Door / Door 2: Tokyo Diary

Written by Richard Durrance on 27 Dec 2023


Distributor Third Window • Certificate 18 • Price £17.99


Yes, it took me far, far too long to finally watch Door (1988), but I get there in the end, I always do even if suffering crushing guilt for not having done so earlier – OK, mild guilt but allow me some poetic license here. But, of course, this Third Window Directors Company release is not just a single film by director Banmei Takahashi but also Door 2: Tokyo Diary (1991).

Two very different films, Door is a proto-horror-slasher-drama-with-a-dash-of-satire that sees housewife Yasuko (Keiko Takahashi) continuously assailed by cold calls, salesmen at the door and even someone locally who returns her rubbish when she accidentally leaves it out on the wrong day.

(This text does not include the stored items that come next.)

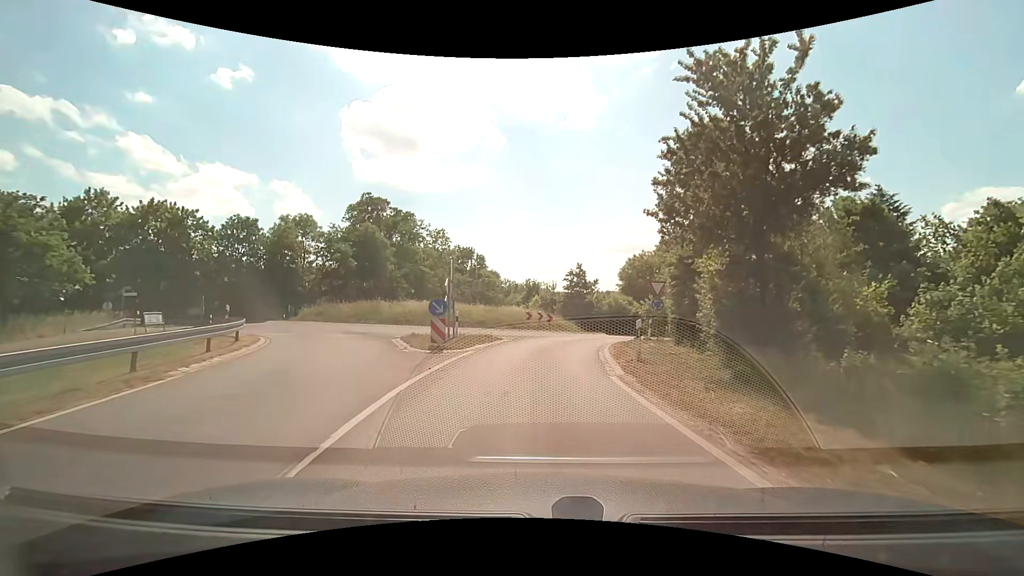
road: tertiary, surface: asphalt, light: Day
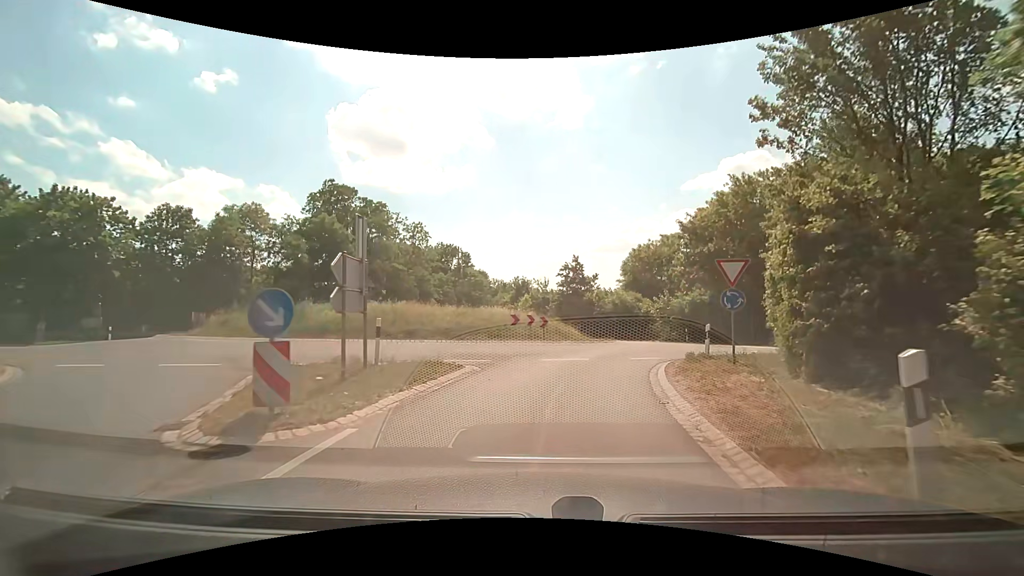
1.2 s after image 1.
(0.0, +9.3) m; 0°
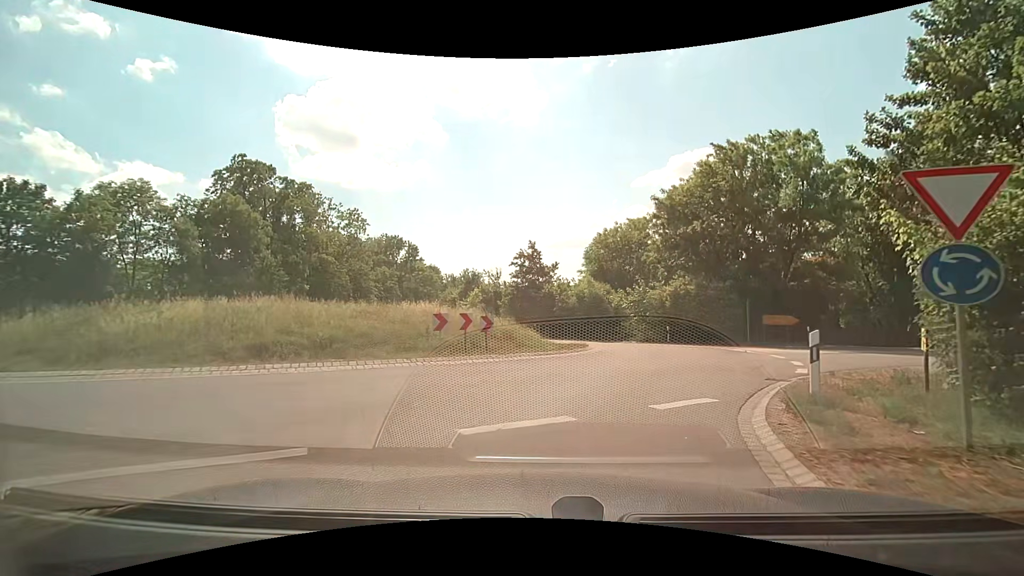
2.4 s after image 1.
(+0.5, +8.3) m; +5°
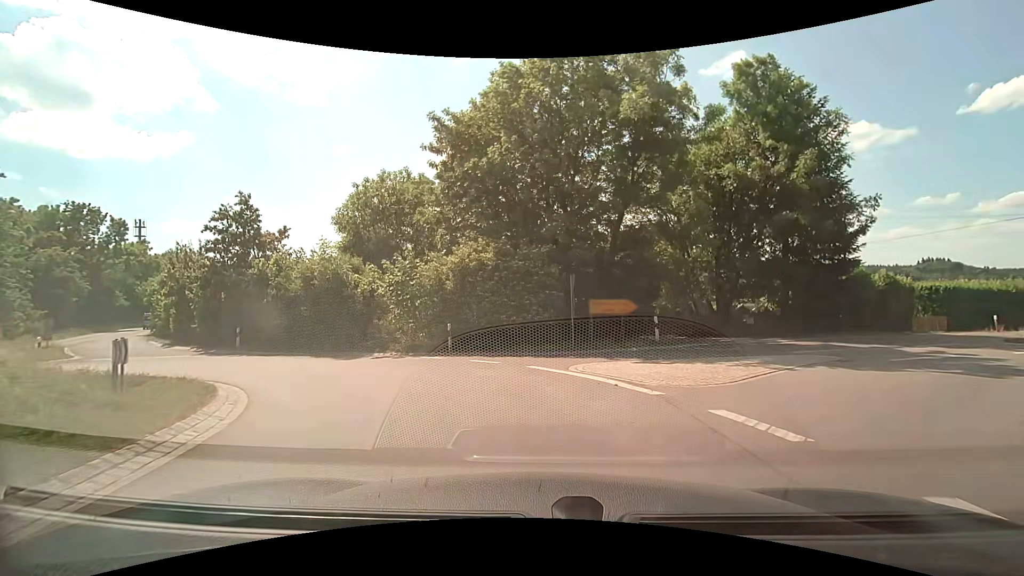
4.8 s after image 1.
(+3.3, +14.3) m; +25°
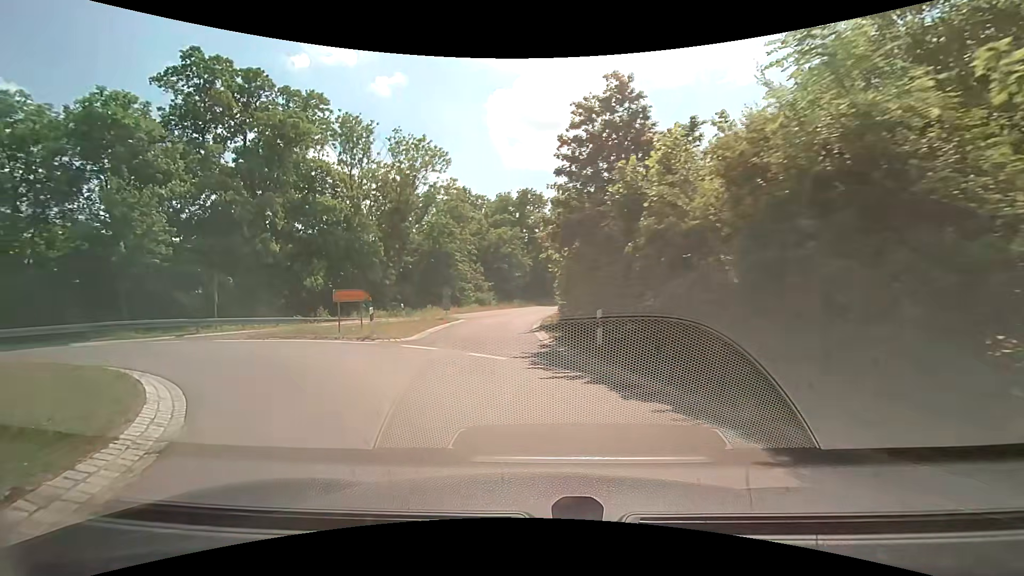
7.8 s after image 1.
(-5.6, +15.1) m; -48°
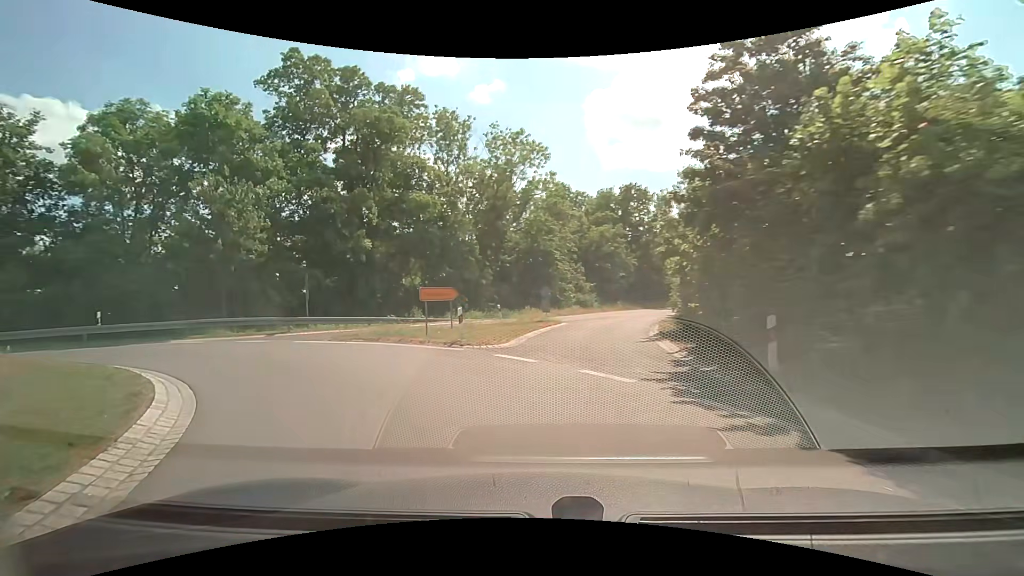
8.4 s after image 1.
(-0.3, +3.2) m; -11°
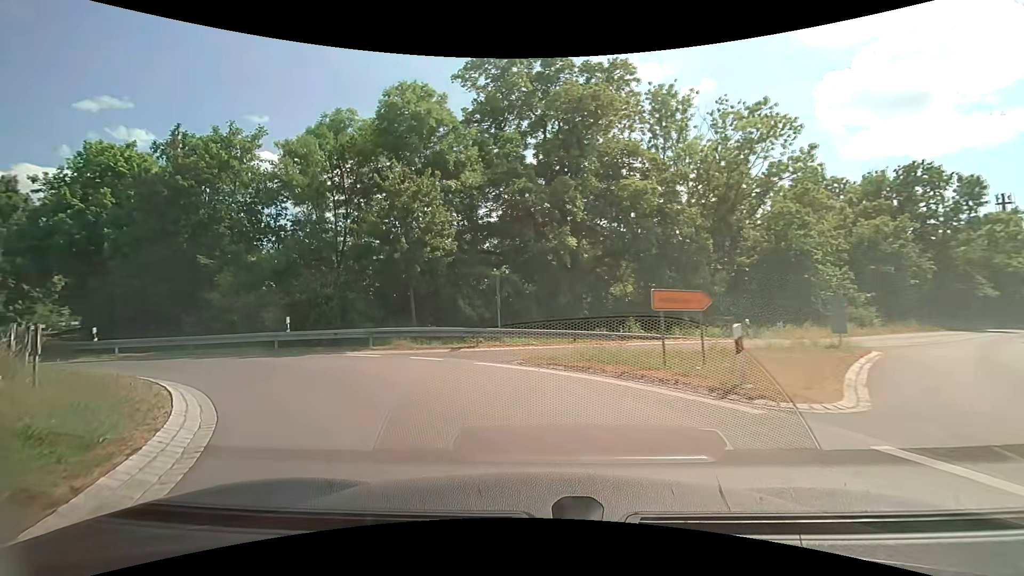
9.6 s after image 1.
(-1.3, +6.3) m; -23°
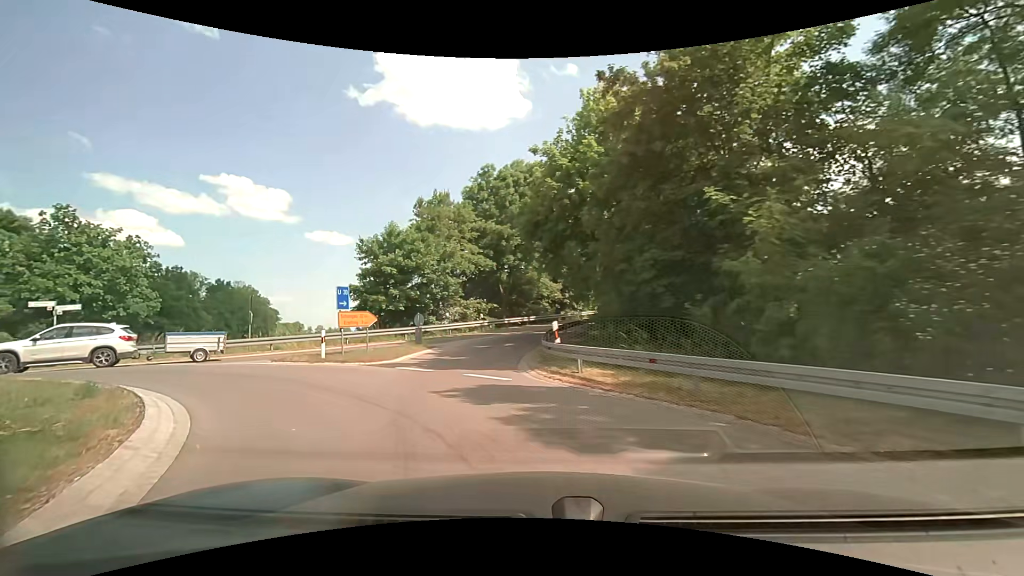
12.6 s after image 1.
(-7.0, +13.8) m; -56°
(-2, +10) (-3, +20) (-1, +30) (+2, +39) (+5, +49) (+9, +58) (+12, +67) (+16, +77) (+19, +86) (+23, +95) m

It all becomes too much when salesman, Yamakawa (Daijiro Tsutsumi), tries to thrust paperwork through her door not her letterbox and she slams it shut on his hand. Suddenly, Yasuko is under siege from Yamakawa’s observations, phonecalls, threats and attempts to enter through the front door.

A pink movie, Door 2: Tokyo Diary follows young, independent call girl Ai, (Chikako Aoyama), as she explores the sexual mores of Tokyo, perhaps finds herself in love with a client who is a collector of fake art, Mamiya (Joe Yamanaka); meanwhile her gainfully employed childhood friend is on the verge of marriage.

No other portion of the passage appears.